Hunan University of Chinese Medicine, Changsha, 410208, China.
J Ethnopharmacol. 2025 Jan 31;340:119246. doi: 10.1016/j.jep.2024.119246. Epub 2024 Dec 15.
Buyang Huanwu Decoction (BYHWD) exerts its anti-cerebral ischemia effects through multiple pathways and targets, although its specific mechanisms remain unclear.
Ultra-performance liquid chromatography-quadrupole time-of-flight tandem mass spectrometry (UPLC-QTOF-MS) metabolomics and other methods were employed to investigate the role of BYHWD in inhibiting neuronal apoptosis following cerebral ischemia-reperfusion by modulating the RhoA/Rock2 pathway.
A rat model of exhaustion swimming combined with middle cerebral artery occlusion (ES + I/R) was established to evaluate the intervention effects of Buyang Huanwu Decoction on cerebral ischemia-reperfusion. This was assessed using neurological function scores, Qi deficiency and blood stasis syndrome scores, HE staining, Nissl staining and TT staining. Differential metabolites and metabolic pathways associated with cerebral ischemia-reperfusion were identified using UPLC-QTOF-MS metabolomics, with key differential metabolites validated through ELISA. Molecular docking techniques were employed to predict interactions between the key differential metabolite, hippuric acid, and its primary downstream pathways. Finally, the levels of neurocellular apoptosis, as well as key molecules in the RhoA/Rock2 signaling pathway and the mitochondrial apoptosis pathway, were measured.
The results indicated that the primary differential metabolites associated with BYHWD's protective effects against ischemia-reperfusion injury were hippuric acid, lysophosphatidic acid, and lysophosphatidylethanolamine, with the main metabolic pathway being phenylalanine metabolism.

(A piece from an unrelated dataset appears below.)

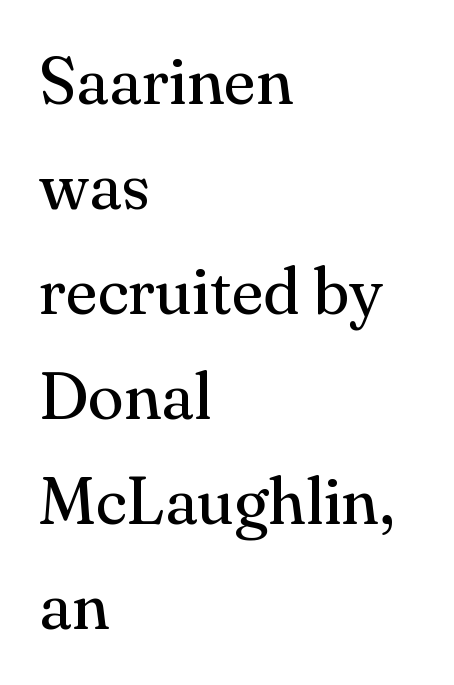
The image shows 66 px regular-weight serif type, upright; set left-aligned, normal line spacing (1.59x), normal letter spacing, not underlined; medium stroke contrast and a small x-height.

Molecular docking studies demonstrated that malonic acid exhibited a strong affinity for proteins related to the RhoA/Rock2 signaling pathway and the mitochondrial apoptosis pathway.Furthermore, we found that BYHWD treatment significantly decreased the apoptosis rate of cells following cerebral ischemia-reperfusion and inhibited the expression of key molecules in both the RhoA/Rock2 signaling pathway and the mitochondrial apoptosis pathway in brain tissue.
BYHWD ameliorated brain tissue injury after cerebral ischemia/reperfusion in rats with qi deficiency and blood stasis. The underlying mechanism may involve BYHWD's inhibition of the RhoA/Rock2 signaling pathway activation through modulation of the phenylalanine metabolism pathway, thereby reducing neuronal apoptosis mediated by the mitochondrial apoptosis pathway.
补阳还五汤(BYHWD)通过多种途径和靶点发挥抗脑缺血作用,但其具体机制尚不清楚。
采用超高效液相色谱-四极杆飞行时间串联质谱(UPLC-QTOF-MS)代谢组学等方法,研究补阳还五汤通过调节RhoA/Rock2通路在抑制脑缺血再灌注后神经元凋亡中的作用。
建立力竭游泳联合大脑中动脉闭塞(ES + I/R)大鼠模型,以评价补阳还五汤对脑缺血再灌注的干预效果。采用神经功能评分、气虚血瘀证评分、HE染色、尼氏染色和TT染色进行评估。运用UPLC-QTOF-MS代谢组学鉴定与脑缺血再灌注相关的差异代谢物和代谢途径,并通过ELISA验证关键差异代谢物。采用分子对接技术预测关键差异代谢物马尿酸与其主要下游途径之间的相互作用。最后,检测神经细胞凋亡水平以及RhoA/Rock2信号通路和线粒体凋亡通路中的关键分子。
结果表明,与补阳还五汤对缺血再灌注损伤保护作用相关的主要差异代谢物为马尿酸、溶血磷脂酸和溶血磷脂酰乙醇胺,主要代谢途径为苯丙氨酸代谢。分子对接研究表明,丙二酸对RhoA/Rock2信号通路和线粒体凋亡通路相关蛋白具有较强亲和力。此外,我们发现补阳还五汤治疗可显著降低脑缺血再灌注后细胞凋亡率,并抑制脑组织中RhoA/Rock2信号通路和线粒体凋亡通路关键分子的表达。
补阳还五汤改善了气虚血瘀型大鼠脑缺血/再灌注后的脑组织损伤。其潜在机制可能涉及补阳还五汤通过调节苯丙氨酸代谢途径抑制RhoA/Rock2信号通路激活,从而减少线粒体凋亡途径介导的神经元凋亡。